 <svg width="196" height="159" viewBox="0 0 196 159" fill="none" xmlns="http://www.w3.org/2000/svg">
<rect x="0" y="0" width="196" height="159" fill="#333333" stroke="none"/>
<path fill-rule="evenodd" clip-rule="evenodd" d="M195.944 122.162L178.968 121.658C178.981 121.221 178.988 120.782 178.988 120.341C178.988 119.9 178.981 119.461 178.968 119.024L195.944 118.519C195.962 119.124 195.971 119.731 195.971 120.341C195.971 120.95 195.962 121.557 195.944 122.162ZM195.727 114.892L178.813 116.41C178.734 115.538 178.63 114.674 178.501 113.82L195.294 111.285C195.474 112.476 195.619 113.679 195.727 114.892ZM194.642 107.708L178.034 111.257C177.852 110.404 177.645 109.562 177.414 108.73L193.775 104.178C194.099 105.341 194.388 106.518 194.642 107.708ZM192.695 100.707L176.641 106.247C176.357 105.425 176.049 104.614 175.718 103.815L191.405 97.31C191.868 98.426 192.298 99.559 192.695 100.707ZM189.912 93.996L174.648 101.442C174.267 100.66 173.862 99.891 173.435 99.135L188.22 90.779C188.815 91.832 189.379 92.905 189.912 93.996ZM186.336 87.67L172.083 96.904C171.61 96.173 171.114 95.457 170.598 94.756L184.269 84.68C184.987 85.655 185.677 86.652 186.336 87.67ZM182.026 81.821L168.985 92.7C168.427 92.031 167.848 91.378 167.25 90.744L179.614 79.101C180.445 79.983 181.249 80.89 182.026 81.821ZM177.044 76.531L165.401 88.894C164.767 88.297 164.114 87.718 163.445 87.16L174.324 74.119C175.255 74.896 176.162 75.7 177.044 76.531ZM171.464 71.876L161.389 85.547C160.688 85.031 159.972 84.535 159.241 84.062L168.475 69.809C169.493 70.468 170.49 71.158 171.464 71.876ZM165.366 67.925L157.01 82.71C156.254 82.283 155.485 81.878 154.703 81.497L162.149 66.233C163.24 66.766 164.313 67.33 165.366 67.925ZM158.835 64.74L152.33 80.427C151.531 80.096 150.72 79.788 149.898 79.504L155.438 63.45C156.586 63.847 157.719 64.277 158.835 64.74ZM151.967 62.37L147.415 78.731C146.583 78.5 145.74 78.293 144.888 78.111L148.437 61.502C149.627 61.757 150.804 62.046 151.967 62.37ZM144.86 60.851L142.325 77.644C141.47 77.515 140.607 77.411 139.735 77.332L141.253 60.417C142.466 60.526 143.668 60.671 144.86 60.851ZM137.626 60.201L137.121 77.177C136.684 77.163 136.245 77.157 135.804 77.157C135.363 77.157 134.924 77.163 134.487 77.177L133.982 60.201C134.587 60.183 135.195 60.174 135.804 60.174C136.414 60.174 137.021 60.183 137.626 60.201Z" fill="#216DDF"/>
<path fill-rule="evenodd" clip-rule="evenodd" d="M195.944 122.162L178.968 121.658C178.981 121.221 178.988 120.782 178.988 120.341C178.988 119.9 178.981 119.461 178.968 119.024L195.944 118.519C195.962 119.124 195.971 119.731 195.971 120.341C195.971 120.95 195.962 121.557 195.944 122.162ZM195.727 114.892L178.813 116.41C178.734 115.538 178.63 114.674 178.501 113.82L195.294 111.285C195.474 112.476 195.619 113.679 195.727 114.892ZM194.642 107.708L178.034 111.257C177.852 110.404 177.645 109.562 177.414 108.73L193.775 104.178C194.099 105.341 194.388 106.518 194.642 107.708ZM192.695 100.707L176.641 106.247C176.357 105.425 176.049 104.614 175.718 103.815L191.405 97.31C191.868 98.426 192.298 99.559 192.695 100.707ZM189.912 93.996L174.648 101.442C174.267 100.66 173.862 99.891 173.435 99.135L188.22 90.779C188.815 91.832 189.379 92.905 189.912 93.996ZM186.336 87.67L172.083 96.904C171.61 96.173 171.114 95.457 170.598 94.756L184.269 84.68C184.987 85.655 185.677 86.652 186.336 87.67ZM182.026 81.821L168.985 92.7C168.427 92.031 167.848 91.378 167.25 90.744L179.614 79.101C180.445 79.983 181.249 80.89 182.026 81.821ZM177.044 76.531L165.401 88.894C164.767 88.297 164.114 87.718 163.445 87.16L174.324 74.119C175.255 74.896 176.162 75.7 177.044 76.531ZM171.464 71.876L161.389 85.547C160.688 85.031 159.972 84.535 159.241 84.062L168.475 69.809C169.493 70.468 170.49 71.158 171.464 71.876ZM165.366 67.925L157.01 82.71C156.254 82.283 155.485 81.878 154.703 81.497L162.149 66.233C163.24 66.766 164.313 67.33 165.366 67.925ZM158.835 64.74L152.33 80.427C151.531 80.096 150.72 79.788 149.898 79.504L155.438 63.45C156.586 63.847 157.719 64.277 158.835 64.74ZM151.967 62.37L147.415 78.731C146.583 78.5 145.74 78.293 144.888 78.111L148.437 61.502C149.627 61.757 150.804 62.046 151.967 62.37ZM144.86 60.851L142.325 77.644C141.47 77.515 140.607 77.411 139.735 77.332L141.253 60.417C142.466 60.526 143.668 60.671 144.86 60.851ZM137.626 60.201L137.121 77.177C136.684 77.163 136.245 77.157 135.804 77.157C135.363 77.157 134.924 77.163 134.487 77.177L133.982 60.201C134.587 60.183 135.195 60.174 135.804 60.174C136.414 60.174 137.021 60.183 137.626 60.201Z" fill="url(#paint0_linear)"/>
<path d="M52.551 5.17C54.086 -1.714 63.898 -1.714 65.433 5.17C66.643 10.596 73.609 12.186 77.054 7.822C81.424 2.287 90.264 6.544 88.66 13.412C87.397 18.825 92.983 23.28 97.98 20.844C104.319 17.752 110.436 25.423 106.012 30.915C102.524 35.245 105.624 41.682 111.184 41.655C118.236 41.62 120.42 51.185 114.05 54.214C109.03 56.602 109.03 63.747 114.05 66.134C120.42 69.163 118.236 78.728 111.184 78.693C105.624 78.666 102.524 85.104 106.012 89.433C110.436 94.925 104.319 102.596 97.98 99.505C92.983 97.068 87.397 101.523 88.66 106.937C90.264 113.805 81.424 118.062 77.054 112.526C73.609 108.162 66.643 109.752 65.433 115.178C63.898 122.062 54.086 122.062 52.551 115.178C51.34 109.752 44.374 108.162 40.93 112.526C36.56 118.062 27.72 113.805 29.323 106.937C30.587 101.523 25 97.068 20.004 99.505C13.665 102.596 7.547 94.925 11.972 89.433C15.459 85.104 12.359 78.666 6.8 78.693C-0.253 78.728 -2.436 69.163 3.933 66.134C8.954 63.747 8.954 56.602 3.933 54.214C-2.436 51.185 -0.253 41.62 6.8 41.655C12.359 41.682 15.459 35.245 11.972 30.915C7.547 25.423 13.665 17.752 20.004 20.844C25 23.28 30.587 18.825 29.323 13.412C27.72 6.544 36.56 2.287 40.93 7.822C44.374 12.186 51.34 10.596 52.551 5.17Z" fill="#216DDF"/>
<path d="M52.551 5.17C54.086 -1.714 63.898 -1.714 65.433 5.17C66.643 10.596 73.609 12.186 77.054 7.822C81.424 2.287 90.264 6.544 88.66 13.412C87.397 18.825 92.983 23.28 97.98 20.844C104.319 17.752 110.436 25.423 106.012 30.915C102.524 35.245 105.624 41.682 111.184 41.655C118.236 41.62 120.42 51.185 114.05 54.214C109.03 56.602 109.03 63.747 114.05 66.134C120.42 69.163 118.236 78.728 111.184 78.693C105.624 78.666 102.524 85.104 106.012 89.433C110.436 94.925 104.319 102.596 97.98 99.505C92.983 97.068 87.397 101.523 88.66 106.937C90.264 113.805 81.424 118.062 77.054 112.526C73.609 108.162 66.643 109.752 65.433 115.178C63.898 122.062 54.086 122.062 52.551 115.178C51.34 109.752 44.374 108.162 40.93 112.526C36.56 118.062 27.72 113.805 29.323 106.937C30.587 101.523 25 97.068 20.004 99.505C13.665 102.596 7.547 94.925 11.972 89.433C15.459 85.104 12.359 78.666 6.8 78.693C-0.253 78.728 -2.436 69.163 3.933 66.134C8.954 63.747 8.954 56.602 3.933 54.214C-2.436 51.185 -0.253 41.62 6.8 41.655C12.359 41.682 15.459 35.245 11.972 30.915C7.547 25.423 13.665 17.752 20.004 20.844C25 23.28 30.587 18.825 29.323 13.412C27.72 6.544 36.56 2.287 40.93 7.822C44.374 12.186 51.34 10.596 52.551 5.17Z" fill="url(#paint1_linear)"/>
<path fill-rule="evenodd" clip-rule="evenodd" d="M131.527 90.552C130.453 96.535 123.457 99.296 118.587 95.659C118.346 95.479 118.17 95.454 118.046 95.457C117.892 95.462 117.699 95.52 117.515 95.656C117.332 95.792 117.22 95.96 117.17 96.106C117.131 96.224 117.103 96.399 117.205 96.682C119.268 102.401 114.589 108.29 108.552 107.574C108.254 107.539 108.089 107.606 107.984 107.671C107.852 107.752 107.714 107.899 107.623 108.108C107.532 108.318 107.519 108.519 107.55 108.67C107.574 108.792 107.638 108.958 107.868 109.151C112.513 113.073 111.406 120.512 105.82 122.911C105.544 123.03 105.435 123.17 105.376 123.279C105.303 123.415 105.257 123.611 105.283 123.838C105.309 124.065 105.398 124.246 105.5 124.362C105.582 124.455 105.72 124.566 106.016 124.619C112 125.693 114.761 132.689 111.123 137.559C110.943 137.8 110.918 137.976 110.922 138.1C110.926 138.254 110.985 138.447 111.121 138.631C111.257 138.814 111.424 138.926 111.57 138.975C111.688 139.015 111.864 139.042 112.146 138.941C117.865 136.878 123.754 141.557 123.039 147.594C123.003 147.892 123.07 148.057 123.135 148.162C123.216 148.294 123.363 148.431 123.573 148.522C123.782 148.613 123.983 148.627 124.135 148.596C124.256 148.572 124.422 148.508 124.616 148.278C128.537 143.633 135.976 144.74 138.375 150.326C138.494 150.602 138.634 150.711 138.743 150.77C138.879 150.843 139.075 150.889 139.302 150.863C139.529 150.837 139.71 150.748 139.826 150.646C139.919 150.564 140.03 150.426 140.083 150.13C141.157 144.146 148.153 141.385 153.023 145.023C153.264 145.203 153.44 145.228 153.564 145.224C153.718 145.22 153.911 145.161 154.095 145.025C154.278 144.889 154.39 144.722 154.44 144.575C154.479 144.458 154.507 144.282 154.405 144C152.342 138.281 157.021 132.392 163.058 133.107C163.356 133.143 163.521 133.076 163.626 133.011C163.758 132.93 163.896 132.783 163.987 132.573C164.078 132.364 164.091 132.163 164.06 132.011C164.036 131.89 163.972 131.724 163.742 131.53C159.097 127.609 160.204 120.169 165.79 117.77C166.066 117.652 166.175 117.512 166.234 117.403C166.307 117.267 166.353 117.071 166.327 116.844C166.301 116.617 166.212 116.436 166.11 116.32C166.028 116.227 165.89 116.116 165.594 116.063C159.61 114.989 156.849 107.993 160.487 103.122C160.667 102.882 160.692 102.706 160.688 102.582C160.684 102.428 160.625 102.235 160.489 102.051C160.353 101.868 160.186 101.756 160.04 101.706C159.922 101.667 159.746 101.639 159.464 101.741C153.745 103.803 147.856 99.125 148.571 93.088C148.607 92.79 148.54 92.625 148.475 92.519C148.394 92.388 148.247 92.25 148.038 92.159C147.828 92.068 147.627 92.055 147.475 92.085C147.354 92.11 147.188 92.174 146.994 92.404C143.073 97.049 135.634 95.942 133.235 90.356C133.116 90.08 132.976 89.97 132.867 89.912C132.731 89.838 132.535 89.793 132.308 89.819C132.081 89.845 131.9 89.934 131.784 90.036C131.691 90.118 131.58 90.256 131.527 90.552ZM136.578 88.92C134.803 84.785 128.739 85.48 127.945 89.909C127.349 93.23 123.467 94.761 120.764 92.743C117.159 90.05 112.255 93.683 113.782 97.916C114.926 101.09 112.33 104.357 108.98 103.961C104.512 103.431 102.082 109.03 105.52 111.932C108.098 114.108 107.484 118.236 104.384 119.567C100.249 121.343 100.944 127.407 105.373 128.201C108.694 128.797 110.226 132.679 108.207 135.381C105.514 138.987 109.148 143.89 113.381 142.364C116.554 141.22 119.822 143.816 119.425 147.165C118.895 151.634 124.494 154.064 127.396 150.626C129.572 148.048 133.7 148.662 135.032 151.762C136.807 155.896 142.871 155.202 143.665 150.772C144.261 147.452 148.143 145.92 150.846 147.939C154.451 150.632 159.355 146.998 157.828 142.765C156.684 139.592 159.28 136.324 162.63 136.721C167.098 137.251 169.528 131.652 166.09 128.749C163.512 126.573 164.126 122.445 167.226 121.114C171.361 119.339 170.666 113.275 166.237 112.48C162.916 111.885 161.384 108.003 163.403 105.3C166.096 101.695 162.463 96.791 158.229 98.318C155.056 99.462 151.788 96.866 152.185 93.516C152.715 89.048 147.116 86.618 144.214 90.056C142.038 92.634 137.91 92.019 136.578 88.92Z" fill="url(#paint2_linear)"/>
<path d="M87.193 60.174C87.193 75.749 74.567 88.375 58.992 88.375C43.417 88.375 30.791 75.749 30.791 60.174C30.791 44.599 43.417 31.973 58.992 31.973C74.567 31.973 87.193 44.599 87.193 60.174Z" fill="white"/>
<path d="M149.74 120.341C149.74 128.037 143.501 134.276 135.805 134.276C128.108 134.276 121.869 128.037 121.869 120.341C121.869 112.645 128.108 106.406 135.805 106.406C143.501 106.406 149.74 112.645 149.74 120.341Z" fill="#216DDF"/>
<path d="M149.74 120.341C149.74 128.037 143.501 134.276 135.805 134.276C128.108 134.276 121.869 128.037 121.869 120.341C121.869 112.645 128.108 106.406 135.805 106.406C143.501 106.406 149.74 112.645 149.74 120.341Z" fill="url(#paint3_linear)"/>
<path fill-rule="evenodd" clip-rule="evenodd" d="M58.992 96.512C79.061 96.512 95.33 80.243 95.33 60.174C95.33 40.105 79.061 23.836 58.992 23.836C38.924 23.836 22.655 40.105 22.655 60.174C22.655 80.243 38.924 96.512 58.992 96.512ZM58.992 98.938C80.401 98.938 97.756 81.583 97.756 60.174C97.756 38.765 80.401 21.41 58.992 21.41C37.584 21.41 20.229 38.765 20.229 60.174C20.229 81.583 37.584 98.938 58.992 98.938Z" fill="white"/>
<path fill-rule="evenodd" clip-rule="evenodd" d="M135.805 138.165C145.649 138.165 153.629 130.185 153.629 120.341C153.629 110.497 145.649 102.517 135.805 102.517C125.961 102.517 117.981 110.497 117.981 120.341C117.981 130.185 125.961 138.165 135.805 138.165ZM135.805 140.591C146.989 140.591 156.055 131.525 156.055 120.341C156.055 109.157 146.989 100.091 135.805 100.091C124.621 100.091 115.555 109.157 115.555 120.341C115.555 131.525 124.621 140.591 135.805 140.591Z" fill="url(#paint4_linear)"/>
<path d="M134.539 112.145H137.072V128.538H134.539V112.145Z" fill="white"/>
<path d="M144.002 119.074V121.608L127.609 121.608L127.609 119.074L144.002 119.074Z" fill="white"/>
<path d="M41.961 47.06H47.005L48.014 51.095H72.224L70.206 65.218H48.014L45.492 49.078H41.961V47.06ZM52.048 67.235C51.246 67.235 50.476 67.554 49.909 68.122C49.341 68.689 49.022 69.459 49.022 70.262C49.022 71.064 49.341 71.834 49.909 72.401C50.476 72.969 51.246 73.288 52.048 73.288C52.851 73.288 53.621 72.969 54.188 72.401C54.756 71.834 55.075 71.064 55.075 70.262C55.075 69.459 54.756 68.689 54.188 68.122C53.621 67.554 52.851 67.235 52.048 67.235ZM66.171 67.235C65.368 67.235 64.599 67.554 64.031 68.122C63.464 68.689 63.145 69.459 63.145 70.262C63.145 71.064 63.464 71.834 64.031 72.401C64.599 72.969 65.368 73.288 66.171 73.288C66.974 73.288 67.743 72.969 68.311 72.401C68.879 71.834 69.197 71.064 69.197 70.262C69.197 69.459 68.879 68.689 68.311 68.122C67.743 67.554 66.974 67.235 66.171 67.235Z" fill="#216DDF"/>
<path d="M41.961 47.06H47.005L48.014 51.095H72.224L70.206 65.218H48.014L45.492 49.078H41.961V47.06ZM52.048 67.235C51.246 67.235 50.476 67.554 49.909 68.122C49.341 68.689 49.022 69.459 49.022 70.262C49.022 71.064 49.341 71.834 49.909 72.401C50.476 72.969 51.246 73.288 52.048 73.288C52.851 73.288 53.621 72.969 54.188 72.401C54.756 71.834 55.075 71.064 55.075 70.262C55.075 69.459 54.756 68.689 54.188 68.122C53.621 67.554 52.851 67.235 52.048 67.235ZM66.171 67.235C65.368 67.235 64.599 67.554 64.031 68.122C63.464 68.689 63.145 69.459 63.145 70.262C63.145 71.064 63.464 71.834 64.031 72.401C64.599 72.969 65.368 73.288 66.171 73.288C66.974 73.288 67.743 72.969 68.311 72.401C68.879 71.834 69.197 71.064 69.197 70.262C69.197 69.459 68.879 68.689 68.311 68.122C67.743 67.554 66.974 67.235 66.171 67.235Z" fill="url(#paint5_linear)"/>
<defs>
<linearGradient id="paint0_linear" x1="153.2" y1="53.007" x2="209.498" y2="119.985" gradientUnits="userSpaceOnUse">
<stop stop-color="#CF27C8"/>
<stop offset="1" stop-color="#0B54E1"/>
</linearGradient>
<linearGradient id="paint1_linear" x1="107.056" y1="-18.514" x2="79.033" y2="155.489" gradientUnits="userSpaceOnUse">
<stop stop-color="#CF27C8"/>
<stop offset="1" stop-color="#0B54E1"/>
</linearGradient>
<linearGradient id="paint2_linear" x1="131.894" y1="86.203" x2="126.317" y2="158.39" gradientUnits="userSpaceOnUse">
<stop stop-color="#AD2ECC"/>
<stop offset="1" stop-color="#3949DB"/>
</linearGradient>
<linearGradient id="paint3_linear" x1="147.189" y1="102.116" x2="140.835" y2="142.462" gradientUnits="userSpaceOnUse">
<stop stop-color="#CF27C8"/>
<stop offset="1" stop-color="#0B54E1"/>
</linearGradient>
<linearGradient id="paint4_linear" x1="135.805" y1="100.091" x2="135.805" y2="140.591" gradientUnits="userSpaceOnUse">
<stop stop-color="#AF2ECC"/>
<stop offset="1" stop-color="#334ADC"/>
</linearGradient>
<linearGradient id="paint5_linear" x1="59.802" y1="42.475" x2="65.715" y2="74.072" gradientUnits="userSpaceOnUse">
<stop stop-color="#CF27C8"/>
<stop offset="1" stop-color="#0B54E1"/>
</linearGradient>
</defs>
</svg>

* * *

Activity
Say how many lines in the entries above contain the string "width". Give the number by itself.

Solution
2